# Hawaii Flight Questions



## suzanne (May 13, 2011)

We will be flying from SE Florida to the Big Island. Would we be better off to fly to LA spend couple nights then fly from LA to Hawaii or just fly from Florida to Hawaii without stopover? Also would it be cheaper flights from LA to Hawaii than from Florida?

Suzanne


----------



## teepeeca (May 13, 2011)

More than likely, it is cheaper to fy from Los Angeles to Hawaii than from Florida to Hawaii.  I would suggest that you fly from Florida to the west coast (Los Angeles, San Francisco area, or Sacramento) and stay for a few days, to get adjusted to the local time, and "see the sights".

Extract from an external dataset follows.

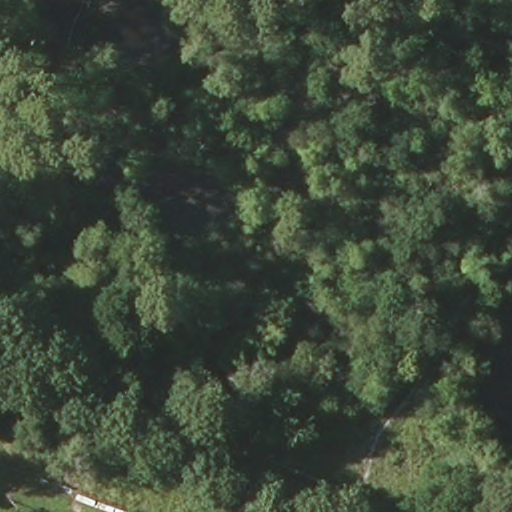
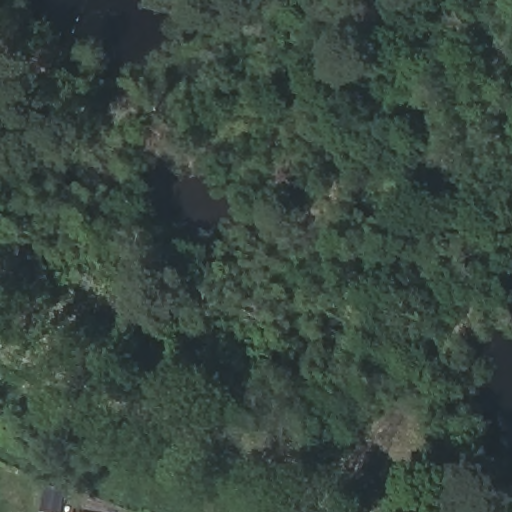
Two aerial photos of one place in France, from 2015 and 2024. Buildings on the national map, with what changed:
[]

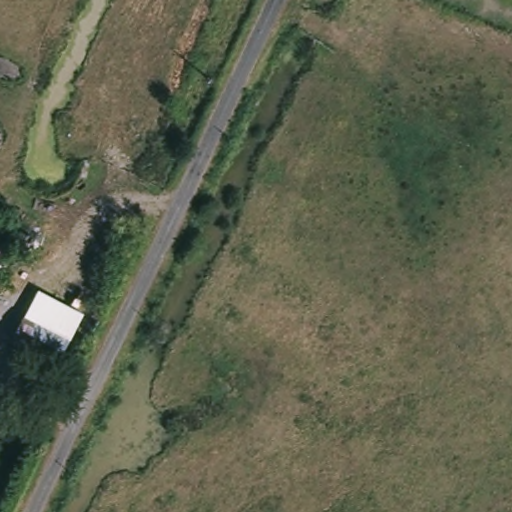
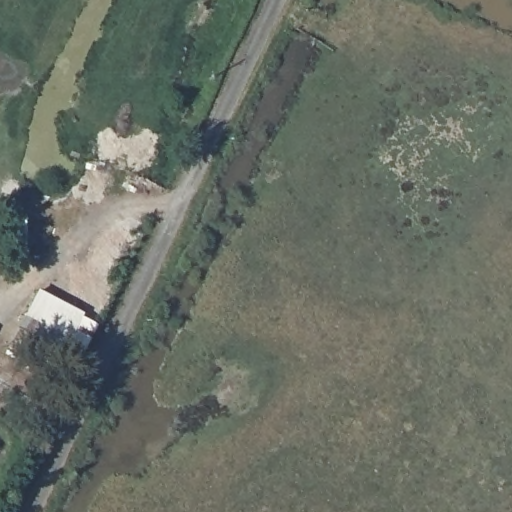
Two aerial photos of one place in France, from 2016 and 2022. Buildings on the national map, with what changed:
unchanged [(59,365),(10,341),(23,315),(72,338),(59,365)]

Many times, there are "fare sales" from the west coast to Hawaii (round trip) that will result as a lesser charge than flying directly from Florida.

Tony


----------



## jestme (May 13, 2011)

The air fare direct and back from Florida is cheaper than a stopover. Having said that, I would fly out direct, (there is a non-stop from Miami), and then fly back with a stopover in LA or Vegas and spend the extra bucks to get it. The flight back is really long, and a day or two break in LA or Vegas makes it a lot easier on the body with the 5 hour time change and the usual overnight red eye to the other side of North America.


----------



## tompalm (May 14, 2011)

I do HI to FL about every year for the last 20 years and never stop in route.  It is too much trouble going through airport security and getting a hotel room for a night.  I have never been able to take two separate fares and make it cheaper than one trip fare that will get you to Hawaii.  

The challenge for you is getting to the big island in two legs.  I think US Airways is doing it through Phoenix, but I haven't really looked at it lately.  

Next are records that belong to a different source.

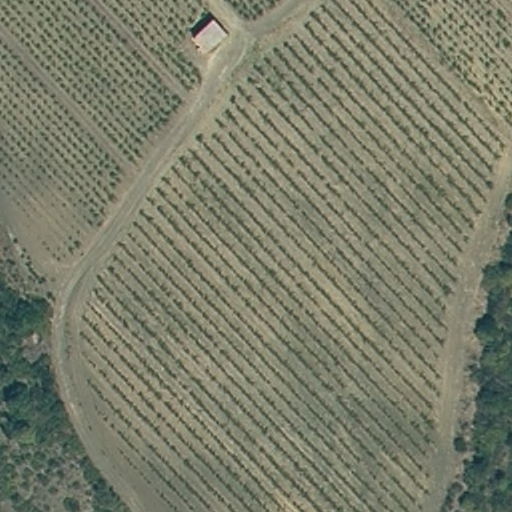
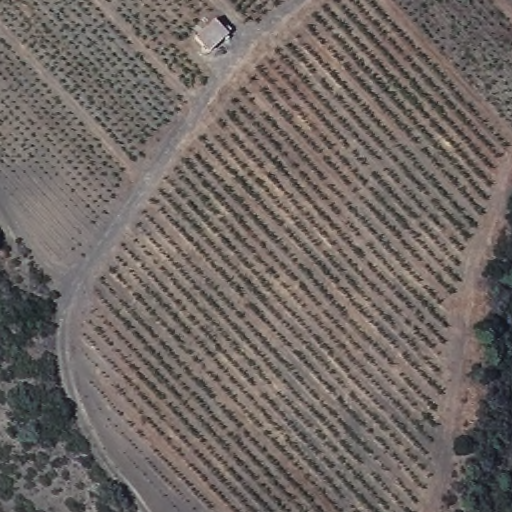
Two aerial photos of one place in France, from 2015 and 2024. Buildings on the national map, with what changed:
unchanged [(230,28),(210,48),(195,33),(217,14),(230,28)]

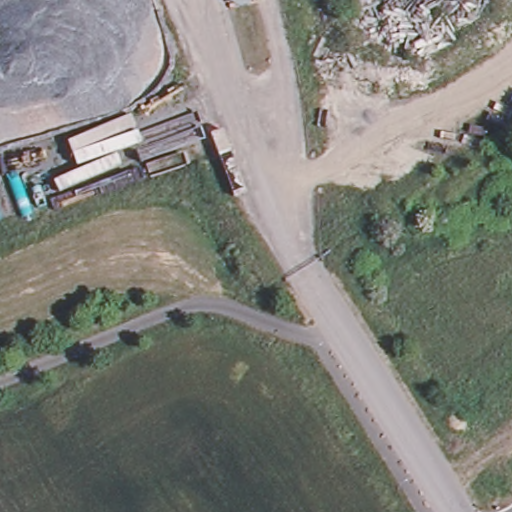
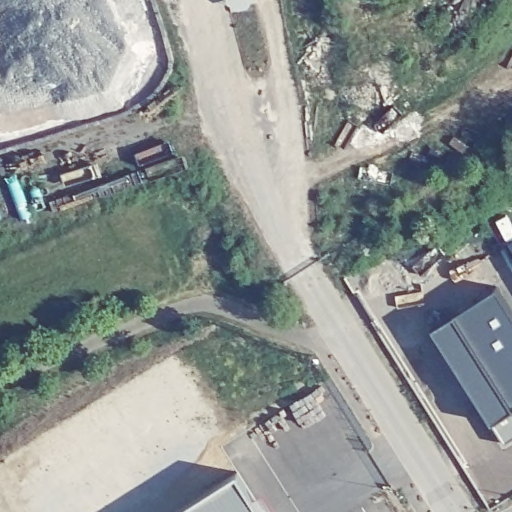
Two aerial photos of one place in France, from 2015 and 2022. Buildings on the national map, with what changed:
new [(497,294),(512,319),(512,439),(502,445),(492,426),(489,429),(432,334),(497,294)]
new [(233,484),(251,512),(189,512),(233,484)]

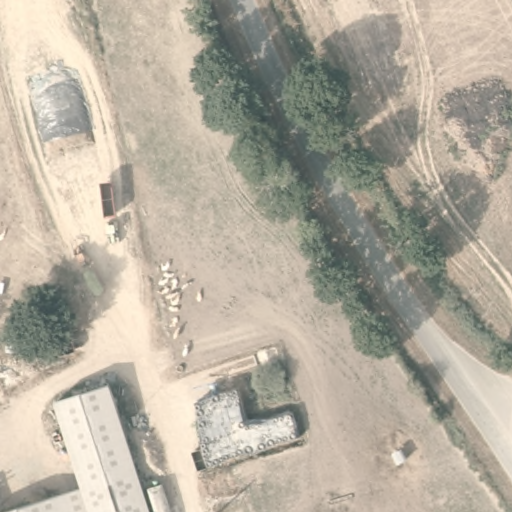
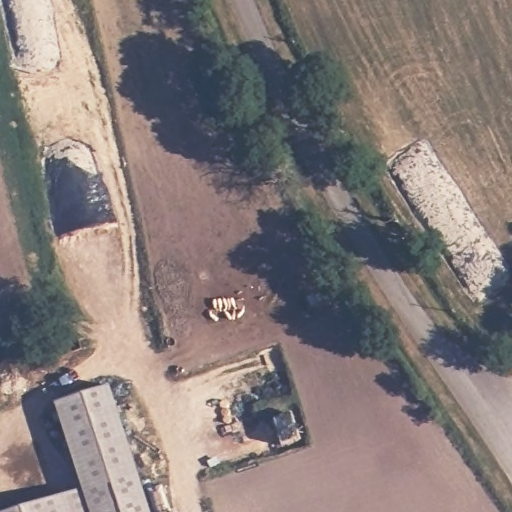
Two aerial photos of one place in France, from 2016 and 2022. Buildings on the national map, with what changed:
unchanged [(54,401),(118,385),(156,512),(14,512),(82,491),(54,401)]

If you really want to see LA or Vegas for a few nights, than make a stop and stay at least two nights or more.  Jet Blue use to have great deals from Miami to Long Beach and then take Hawaiian out of LAX to Hawaii and that might be cheaper than any two other combos, but it will not be cheaper than buying one ticket on Delta, United, American, US Airways, etc...

Regarding fare sales from the west coast.  Hawaiian just ran one for $350 round trip during the off season and that is about as cheap as it gets.  You have to be on their email list to get the specials, and buy the ticket within a couple days, or they get sold out.  Add that to any flight you can find to Vegas, LA, or Phoenix and see if it is cheaper than $700.  That is the cost I just saw going to Orlando at the end of May.

Going back to Florida, the jet lag will be bad, but there is no way around it.  Even if you do it in two days, you will still feel it.


----------



## suzanne (May 15, 2011)

Thanks for your help. I will start checking both ways next year as soon as they start publishing fares.

Suzanne


----------



## LisaRex (May 15, 2011)

I fly from Ohio and wouldn't consider stopping and trying to adjust to the time.  Too much hassle.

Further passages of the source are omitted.